Characterization of drug-induced liver injury associated with drug reaction with eosinophilia and systemic symptoms in two prospective DILI registries.

机构信息

Servicios de Aparato Digestivo y Farmacología Clínica, Hospital Universitario Virgen de La Victoria, Instituto de Investigación Biomédica de Málaga y Plataforma en Nanomedicina-IBIMA Plataforma BIONAND, Universidad de Málaga, Málaga, Spain.

Centro de Investigación Biomédica en Red Enfermedades Hepáticas y Digestivas (CIBERehd), Madrid, Spain.

出版信息

Arch Toxicol. 2024 Jan;98(1):303-325. doi: 10.1007/s00204-023-03630-0. Epub 2023 Dec 5.

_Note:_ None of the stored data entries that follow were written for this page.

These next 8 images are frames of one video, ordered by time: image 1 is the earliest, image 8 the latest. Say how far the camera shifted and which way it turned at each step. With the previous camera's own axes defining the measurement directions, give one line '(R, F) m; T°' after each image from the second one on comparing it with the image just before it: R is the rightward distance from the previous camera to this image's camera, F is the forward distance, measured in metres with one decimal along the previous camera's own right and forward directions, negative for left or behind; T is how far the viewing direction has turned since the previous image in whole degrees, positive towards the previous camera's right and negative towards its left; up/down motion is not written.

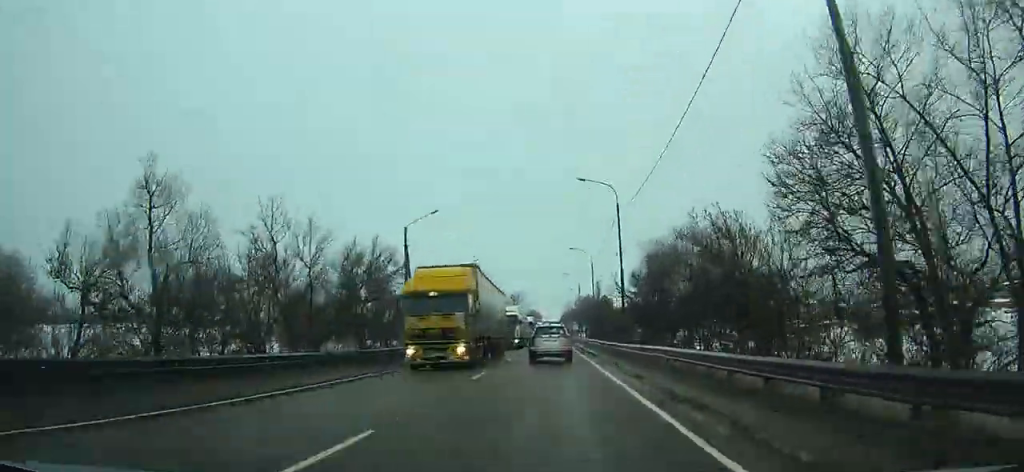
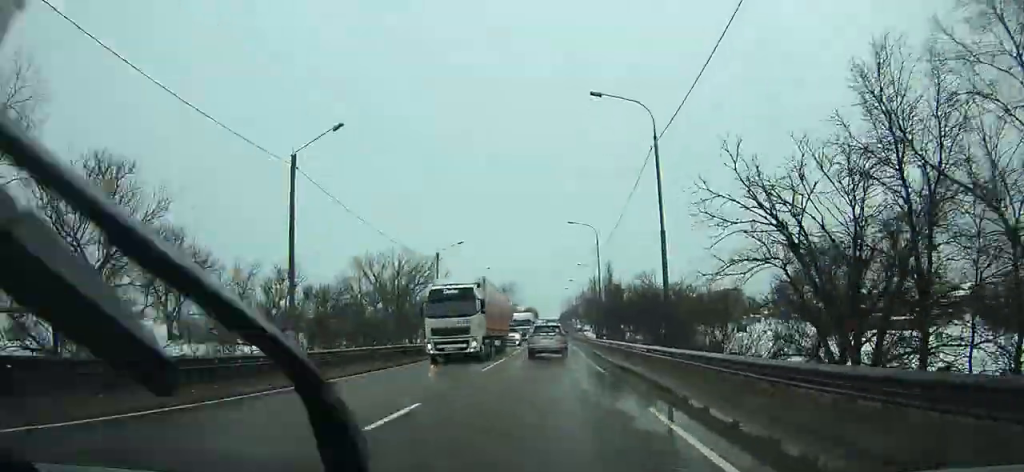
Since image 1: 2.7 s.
(0.0, +44.3) m; 0°
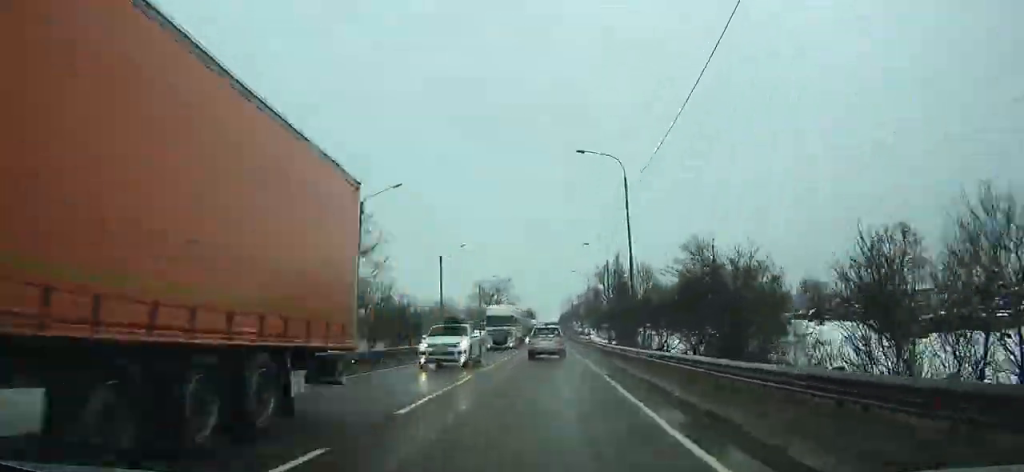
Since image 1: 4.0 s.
(0.0, +21.9) m; 0°
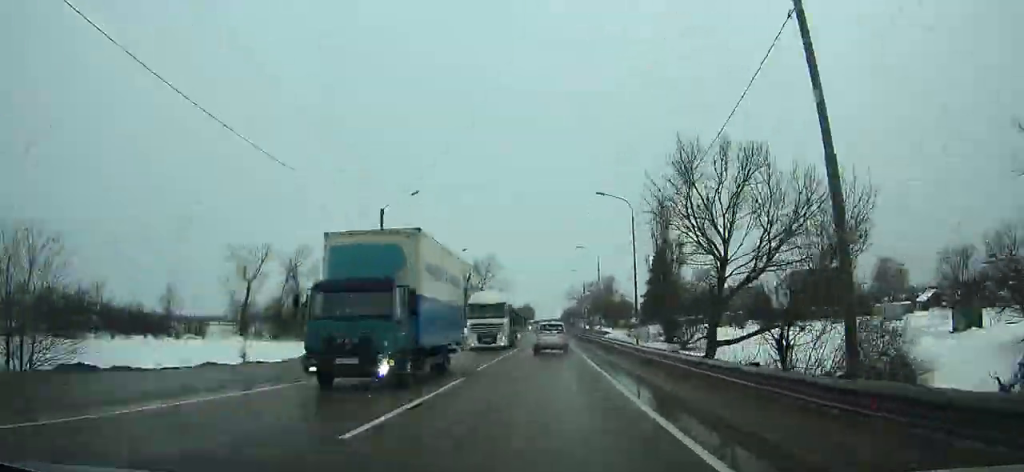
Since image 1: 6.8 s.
(0.0, +48.3) m; 0°
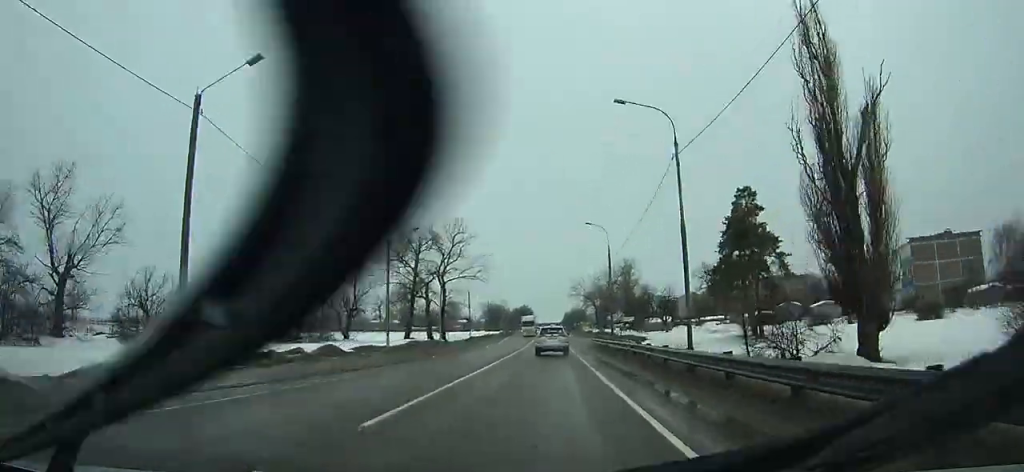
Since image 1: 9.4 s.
(+0.1, +46.9) m; 0°
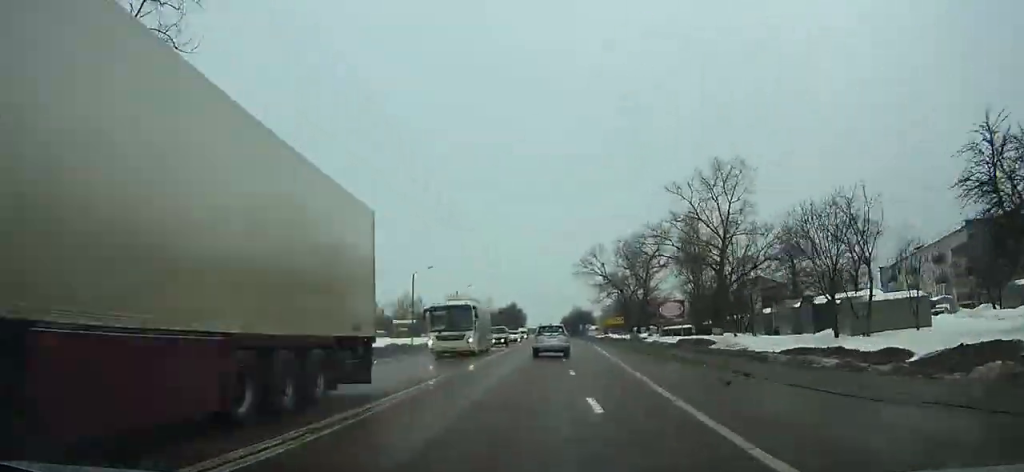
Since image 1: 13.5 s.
(0.0, +77.4) m; 0°
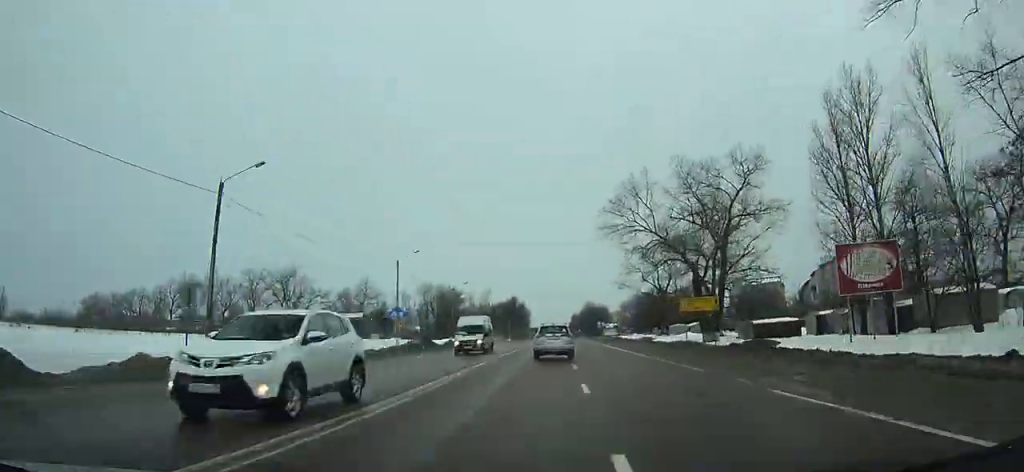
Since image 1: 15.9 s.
(0.0, +45.6) m; 0°
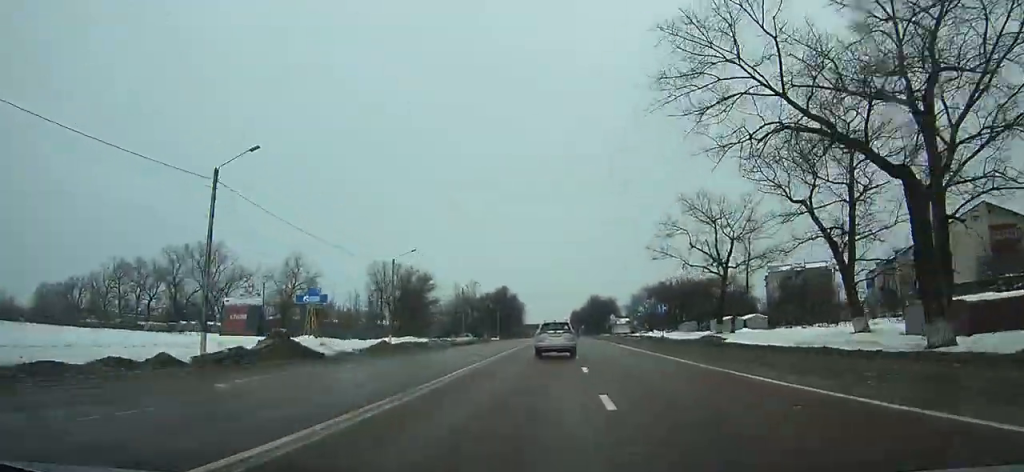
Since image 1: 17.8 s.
(-0.1, +35.8) m; 0°

DOI:10.1007/s00204-023-03630-0
PMID:38051367
原文链接:https://pmc.ncbi.nlm.nih.gov/articles/PMC10761448/
Abstract

Idiosyncratic drug-induced liver injury (DILI) associated with drug reactions with eosinophilia and systemic symptoms (DRESS) is poorly characterized among patients of Western countries. We aimed to comprehensively assess the clinical characteristics, outcomes, and causative agents in a prospective, well-vetted cohort of DILI patients with DRESS (DILI-DRESS). We identified 53 DILI-DRESS cases from the Spanish DILI Registry and the Latin American DILI Network. For comparison purposes, we defined a group of DILI patients (n = 881). DILI-DRESS cases were younger (47 vs. 53 years, respectively; p = 0.042) and presented more frequently with cholestatic/mixed damage (p = 0.018). Most DILI-DRESS patients showed moderate liver injury, 13% developed severe damage, and only one patient (with hepatocellular injury due to anti-tuberculosis drugs) progressed to acute liver failure and died. DILI-DRESS cases showed a distinctive causative drug pattern compared to DILI cases. The most frequent drugs were carbamazepine (13%), anti-tuberculosis drugs (13%), amoxicillin-clavulanate (11%), and allopurinol and lamotrigine (7.6% each). Among all cases of DILI due to allopurinol and lamotrigine, 67% presented with a DILI-DRESS phenotype, respectively. Higher total bilirubin (TBL) levels at DILI recognition (odds ratio [OR] 1.23; 95% confidence interval [CI] 1.04-1.45) and absence of eosinophilia (OR 8.77; 95% CI 1.11-69.20) increased the risk for developing a severe-fatal injury in DILI-DRESS patients. DILI-DRESS patients have a more frequent cholestasis/mixed pattern of injury at presentation, with antiepileptics as distinctive causative drug class. Most of the lamotrigine and allopurinol cases present with this phenotype. Higher TBL levels and absence of eosinophilia at DILI recognition are markers of poor outcomes.

摘要

特发性药物性肝损伤(DILI)与伴有嗜酸性粒细胞增多和全身症状的药物反应(DRESS)相关,在西方国家的患者中描述不足。我们旨在通过一项前瞻性、经过严格筛选的 DILI 伴 DRESS(DILI-DRESS)患者队列,全面评估其临床特征、结局和致病药物。我们从西班牙 DILI 注册处和拉丁美洲 DILI 网络中确定了 53 例 DILI-DRESS 病例。为了比较目的,我们定义了一组 DILI 患者(n=881)。DILI-DRESS 病例更年轻(分别为 47 岁和 53 岁;p=0.042),更常表现为胆汁淤积/混合性损伤(p=0.018)。大多数 DILI-DRESS 患者表现为中度肝损伤,13%发展为严重损伤,仅有 1 例(因抗结核药物导致的肝细胞损伤)进展为急性肝衰竭并死亡。与 DILI 病例相比,DILI-DRESS 病例的致病药物模式具有独特性。最常见的药物是卡马西平(13%)、抗结核药物(13%)、阿莫西林克拉维酸钾(11%)和别嘌醇和拉莫三嗪(各 7.6%)。所有因别嘌醇和拉莫三嗪导致的 DILI 病例中,分别有 67%出现 DILI-DRESS 表型。DILI 识别时总胆红素(TBL)水平较高(比值比[OR] 1.23;95%置信区间[CI] 1.04-1.45)和无嗜酸性粒细胞(OR 8.77;95% CI 1.11-69.20)增加了 DILI-DRESS 患者发生严重/致命损伤的风险。DILI-DRESS 患者在就诊时更常出现胆汁淤积/混合性损伤模式,抗癫痫药是独特的致病药物类别。大多数拉莫三嗪和别嘌醇病例均表现出这种表型。DILI 识别时 TBL 水平较高和无嗜酸性粒细胞是预后不良的标志物。